Önceki gün 15.00-17.00 saatleri arasında düzenlenen konferansa katılan Banu Avar, salona elinde ay yıldızlı bayrakla girdi. Uzun süre alkışlanan Avar, dünyada başlatılmış bir yangın olduğunu ve bu yangının fikir babasının da Amerika Birleşik Devletleri olduğunu ifade etti. Dünyada başlatılan bu yangınla 22 ülkenin sınırlarının değiştirileceğinin işaretlerinin 1900’lü yılların başlarında verildiğini ifade eden Avar “Bugün akil insanlar oluşumu da 1900’lü yıllarda çizilmiş olan sınırların değiştirilmesi projesinin bir parçasıdır” dedi.
 

SEÇİM SONUÇLARININ DEĞİŞTİRİLDİĞİNİ İDDİA ETTİ

Banu Avar, seçim sonuçlarının iki parmak hareketiyle tuşlanarak değişik şekillerde sonuçlandırıldığını, halkın iradesini yansıtmaktan uzak olduğunu da ileri sürerek “Eğer seçimlerin irademizi yansıttığına dair bir düşünceye sahip olan varsa, aldandığını bilmesini isterim.
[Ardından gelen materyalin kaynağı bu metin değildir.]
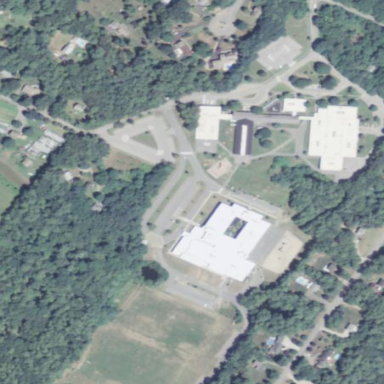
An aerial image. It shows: School.
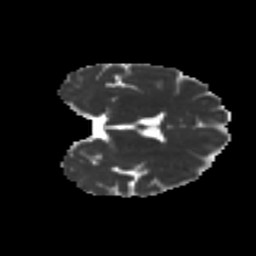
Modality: MD
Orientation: coronal
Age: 34
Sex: female
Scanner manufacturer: ge
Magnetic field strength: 3 T
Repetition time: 7.8 s
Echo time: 0.0606 s
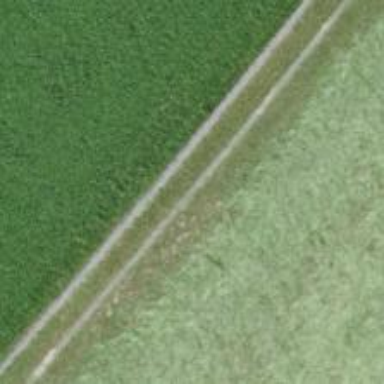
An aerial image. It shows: Track road with grade3 tracktype.
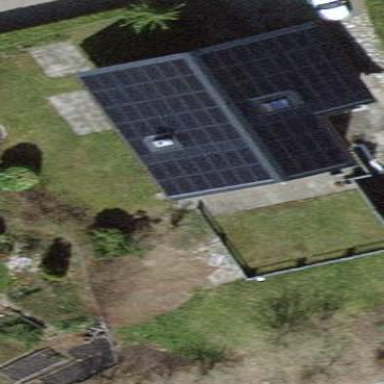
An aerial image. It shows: Solar photovoltaic panel generator.
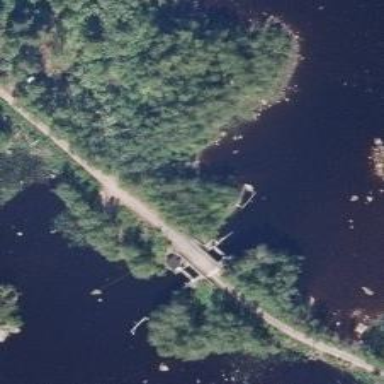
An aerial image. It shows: Lock gate on waterway.
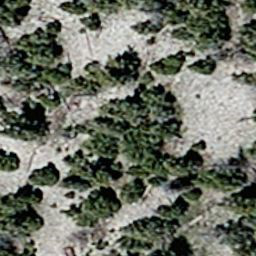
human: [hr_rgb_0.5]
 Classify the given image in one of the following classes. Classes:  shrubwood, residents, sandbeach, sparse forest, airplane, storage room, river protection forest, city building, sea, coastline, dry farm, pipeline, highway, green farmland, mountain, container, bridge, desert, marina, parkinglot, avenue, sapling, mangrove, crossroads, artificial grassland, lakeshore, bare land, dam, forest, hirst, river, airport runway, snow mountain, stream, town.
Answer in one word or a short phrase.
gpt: sparse forest
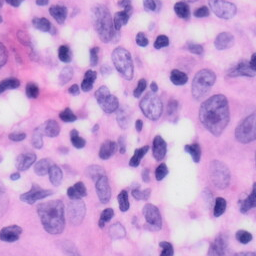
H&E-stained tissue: Skin
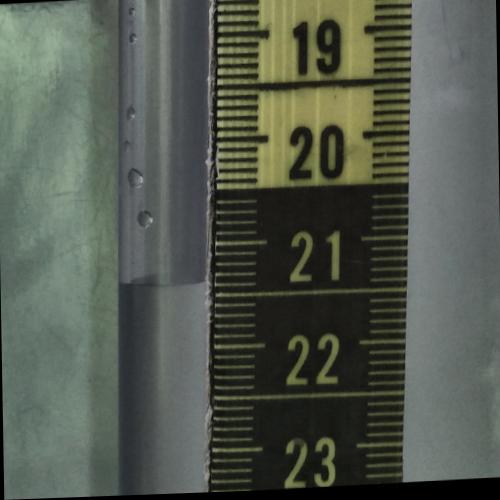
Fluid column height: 21.4 cm
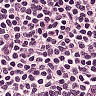
Metastatic tissue present: no
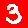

Seçim sonuçları değiştirilerek, yeni dünya nizamına hizmet edeceğine inandıkları liderlerin ataması yapılıyor. Bush bile değiştirilen seçimler sonrasında atanmış bir ABD başkanıdır. Seçim sadece sistemi korumak adına korunan bir yapıdır. Bu güne kadar bizi, bizim seçtiğimiz bir siyasi yönetmemiştir” diye konuştu.
 

TÜRKİYE’NİN BU BELADAN KURTULDUĞU ANLAMINA GELMİYOR

Reyhanlı’da yaşanan faciaya da değinen Avar, bu olayın yıllar önce Balkan Türkleri tarafından da yaşandığını ifade ederek “Dünyayı yönetenlerin dünya nizamının bir sonucu olan Reyhanlı faciasını gerçekleştirenlerin El Kaide, Hizbullah yâda pkk olmasının hiçbir önemi yok. Bunların hepsini besleyen ülke Amerika’dır. Bu gün hükümet tarafından pkk’nın ülke sınırları dışına çıkarılması, Türkiye’nin terör belasından kurtulduğu manasında değerlendirilmemeli. Onlar ülke sınırları dışına çıkarılmış olsa da ekonomik bağları diri tutulduğu müddetçe Türk insanının rahat edeceğini zannetmiyorum. Zira pkk meclisin içindedir” dedi.
 

EMPERYALİST GÜÇLERİN BİR PLANI

“AK Parti’ Türkiye’nin yanı başında bulunan komşusunu yok etmek adına elinden gelen her şeyi yaptı” diyen Araştırmacı yazar Banu Avar, bunun da Emperyalist güçlerin bir planı olduğunu ifade ederek “Hep 3. Dünya Savaşının cephelerde orduların karşı karşıya gelmesi şeklinde yapılacağını düşünüyoruz. Bu değerlendirme çok yanlış. Biz ülke olarak 3. Dünya Savaşının içerisinde bulunuyoruz. Yanı başımızdaki komşularımız da öyle. İşte Reyhanlı. Arabalar havaya uçuruluyor, insanlarımızın toplu halde bulundukları yerlere bombalar konuluyor ve bombanın patlamasında 15, 20 ve Reyhanlı’da olduğu gibi 45 kişi öldürülüyor. İşte size 3. Dünya Savaşı” şeklinde konuştu.
 

SURİYE VE İRAN’I KURBAN ADADI

Türkiye’nin, dünyayı kendi idealleri doğrultusunda şekillendirmek isteyen güçlere Suriye ve İran’ı kurban adadığını ileri süren Avar, konuşmasını şöyle sürdürdü: “Türkiye’nin bu tutumuna rağmen, Suriye ve İran her zaman bir dik duruş sergiledi. Dik duruşları nedeni ile Avrupa Ülkeleri tarafından değişik ambargolarla köşeye sıkıştırılan Ahmedi Nejat ve Esat tarafından sergilenmiş olan vakar maalesef ki Abdullah Gül tarafından gösterilemedi. Colin Powell ile yapmış olduğu görüşmelerine dair ‘devlet sırrıdır açıklanamaz’ diyerek sonuçları bugün ortaya çıkan sıkıntılara imza attı. Oysaki Colin Powell aynı teklifleri içeren kâğıdı Esat’a uzattığında, Esat kâğıdı kıvırarak kendilerine iade etti. Bunun için Suriye Devlet Başkanı Esat Amerika ve Avrupa Devletlerinin ezmeye çalıştığı insan ve devlet konumuna düşürüldü”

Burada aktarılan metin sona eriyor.